Efektowna wygrana w Sosnowcu okazała się dla zawodników ŁKS-u jedynie sympatycznym przerywnikiem od fatalnej ligowej serii. Na Dolnym Śląsku łodzianie przegrali bowiem po raz ósmy z rzędu w obecnych rozgrywkach PKO Ekstraklasy. I marne to pocieszenie, że losy poniedziałkowej konfrontacji mogły się potoczyć zupełnie inaczej…
Poniedziałkowe spotkanie lepiej rozpoczęli, niedawną uskrzydleni pucharową wygraną w Sosnowcu, łodzianie. Po wymienia szybkich kilku podań jeszcze w pierwszej minucie Dani Ramirez uderzył technicznie z około 20 metrów, ale pewnie złapał piłkę Dominik Hładun. Zaledwie trzy minuty później lewą stroną wpadł w pole karne lubinian Artur Bogusz, lecz jego zagranie zostało zablokowane, a piłkę po strzale Dragoljuba Srnicia zbił do boku golkiper Zagłębia. Po rzucie rożnym lubińskiego bramkarza próbował jeszcze zaskoczyć uderzeniem głową Rafał Kujawa, lecz piłka poleciała wprost w rękawice Hładuna.

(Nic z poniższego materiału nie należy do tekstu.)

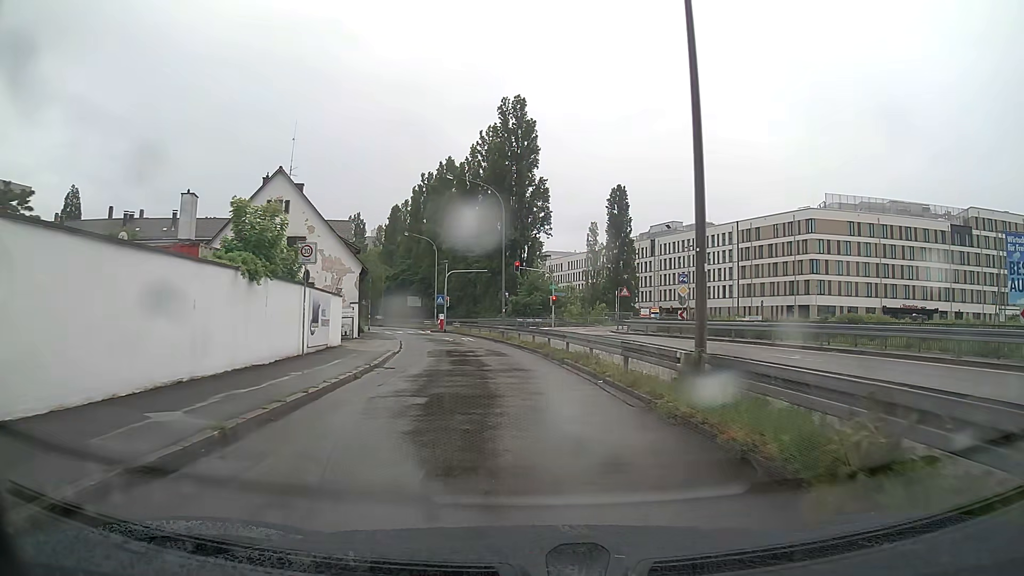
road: residential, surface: asphalt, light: Day
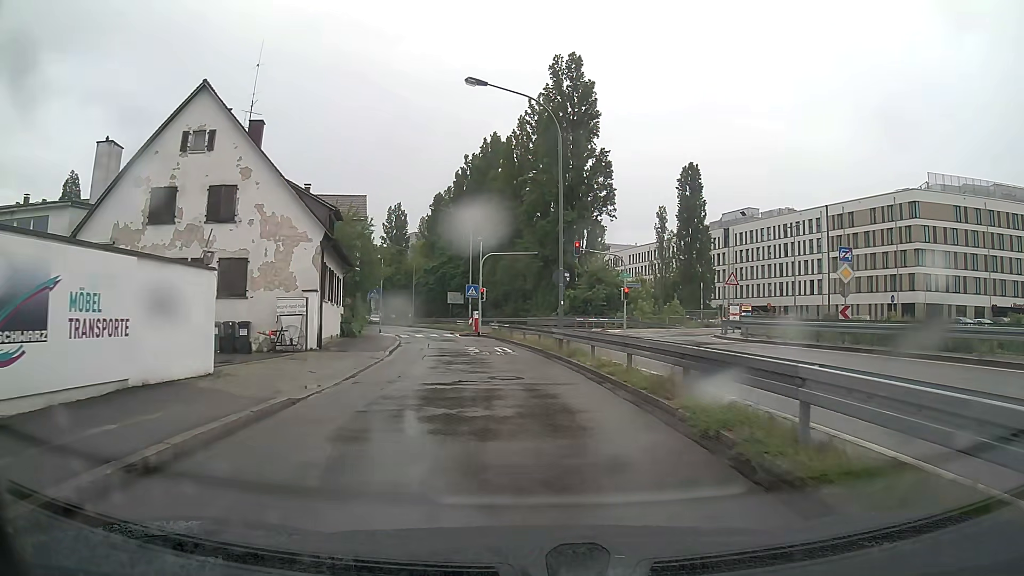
(-0.6, +16.1) m; -4°
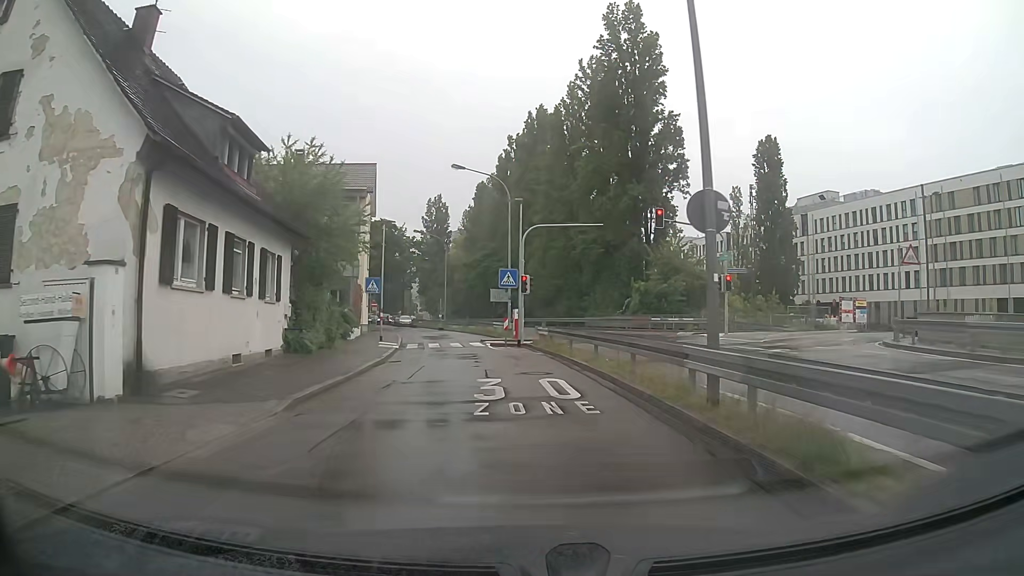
(-0.6, +14.4) m; -4°
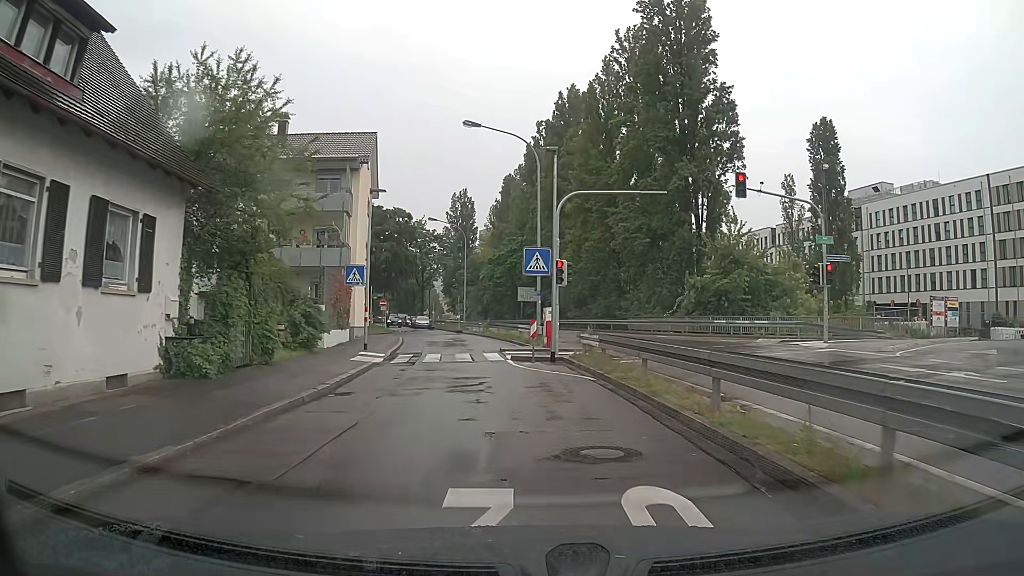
(-0.2, +9.1) m; -2°
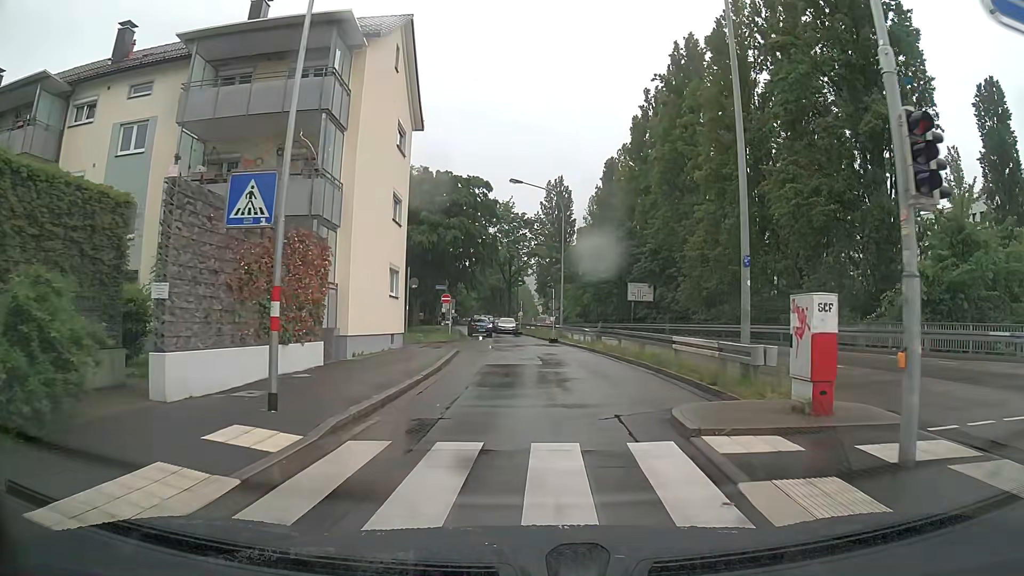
(-1.7, +17.2) m; -9°
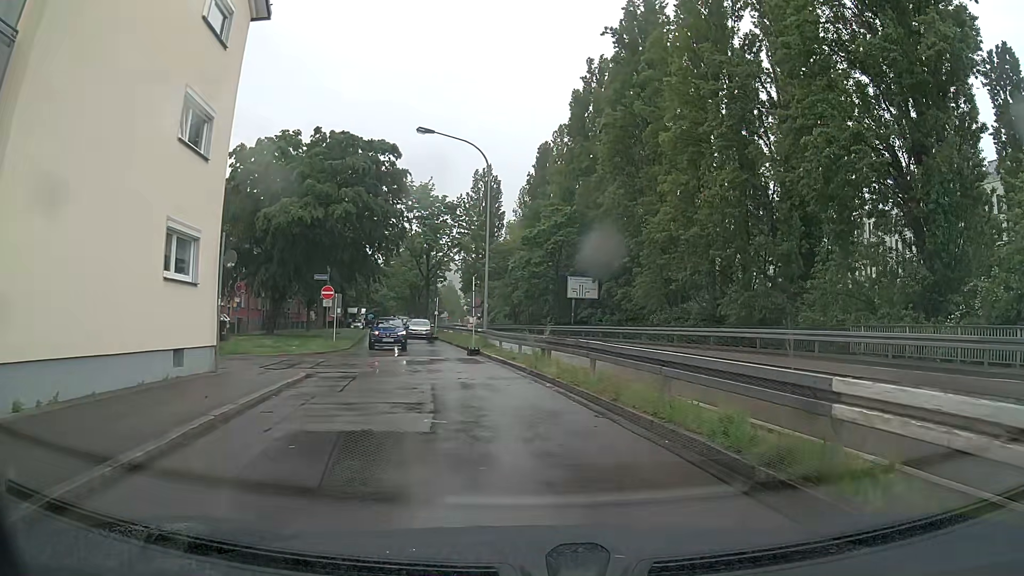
(+0.6, +11.6) m; +6°
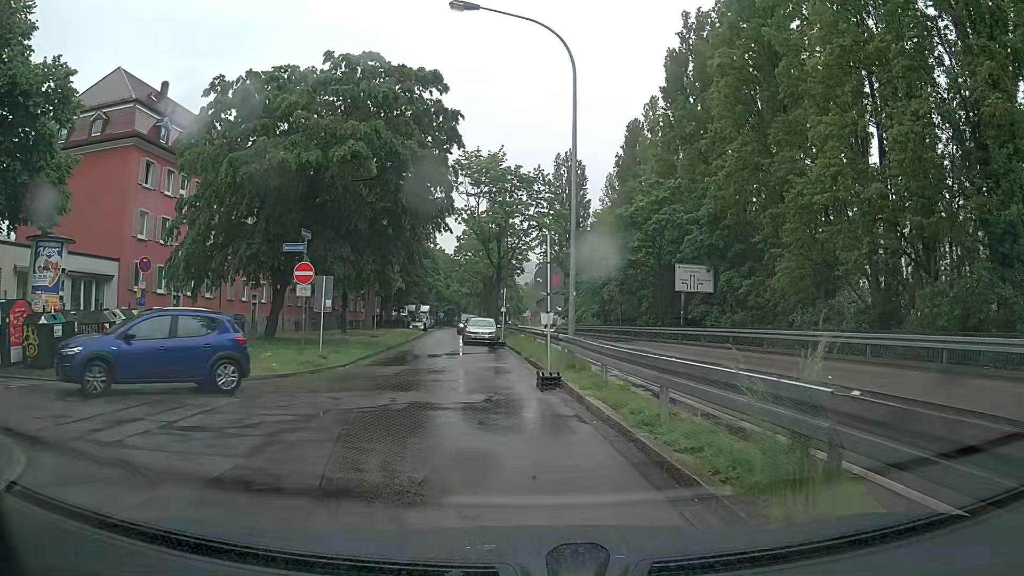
(-0.6, +12.6) m; -8°

W 11. minucie po raz kolejny defensywa „Miedziowych” znalazła się w sporych opałach. Po szybkim rozegraniu piłki Michał Trąbka bez namysłu uderzył z kilkunastu metrów, lecz od utraty gola miejscowych uratowała poprzeczka. I ta sytuacja najwyraźniej podziałała pobudzająco na graczy Zagłębia, bo kolejny fragment meczu toczył się pod ich dyktando. W 15. minucie lubinianie dali zawodnikom ŁKS-u pierwsze ostrzeżenie – z prawej strony mocno wzdłuż linii bramkowej z prawej strony zagrał Alan Czerwiński, ale nikt z jego kolegów nie zdołał sięgnąć piłki i zmienić kierunku jej lotu. W kolejnej akcji znów było bardzo groźnie pod bramką podopiecznych Kazimierza Moskala, lecz w tej z kolei sytuacji błysnął Arkadiusz Malarz i odbił piłkę na rzut rożny. Niestety, chwilę potem sprawdziło się powiedzenie „do trzech razy sztuka” i Zagłębie objęło prowadzenie. Najpierw ełkaesiaków uratował jeszcze słupek, ale dobitka Damjana Bohara była już skuteczna…

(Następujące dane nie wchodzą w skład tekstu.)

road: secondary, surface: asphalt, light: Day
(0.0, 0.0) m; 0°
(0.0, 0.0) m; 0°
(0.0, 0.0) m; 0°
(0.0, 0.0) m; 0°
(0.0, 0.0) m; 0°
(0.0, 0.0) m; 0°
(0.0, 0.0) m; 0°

Niekorzystny wynik nie odebrał na szczęście piłkarzom z Łodzi chęci do walki. Potwierdzeniem tych słów była sytuacja z 18. minuty, gdy znów swoją obecność na boisku kąśliwym strzałem zaznaczył Trąbka. Piłkę z najwyższym trudem odbił jednak do boku Hładun, a za chwilę poradził sobie także z dobitką Ramireza. Ofensywne zapędy ŁKS-u boleśnie zostały przerwane w 20. minucie, kiedy na 2:0 podwyższył Sasa Zivec – przy biernej postawie obrony Słoweniec z kilku metrów wpakował piłkę do siatki.
W 37. minucie na wielkie brawa zasłużył Malarz, który znakomicie wyczekał Bohara i wygrał z nim akcję sam na sam. Warto dodać, że Słoweniec uciekał z piłką praktycznie od połowy boiska i miał mnóstwo czasu, aby wybrać najbardziej korzystny dla siebie i dla swojego zespołu wariant wykończenia. Minutę później „Malowany” ponownie został bohaterem, gdy w niemal już beznadziejnej sytuacji nogami obronił strzał Patryka Szysza. Gwoli ścisłości dodajmy, że po dobitce Filipa Starzyńskiego piłka trafiła jeszcze w poprzeczkę
Na trzy minuty przed przerwą lubińskiej publiczności próbował przypomnieć się Łukasz Piątek, który w miedziano-biało-zielonych barwach spędził cztery sezony. Ze strzałem doświadczonego pomocnika Hładun poradził sobie jednak w ten sposób, że końcami palców wybił piłkę na rzut rożny. Wbrew pozorom, to jeszcze wcale nie był koniec emocji w tej części meczu, bo w ostatniej akcji przed przerwą, po dośrodkowaniu Ramireza z rzutu wolnego, szansę na kontaktowego gola miał Jan Sobociński. Stoper ŁKS-u znalazł się niepilnowany przed bramką Zagłębia, posłał jednak piłkę ponad poprzeczką i za chwilę sędzia Daniel Stefański gwizdkiem odesłał piłkarzy obu drużyn do szatni.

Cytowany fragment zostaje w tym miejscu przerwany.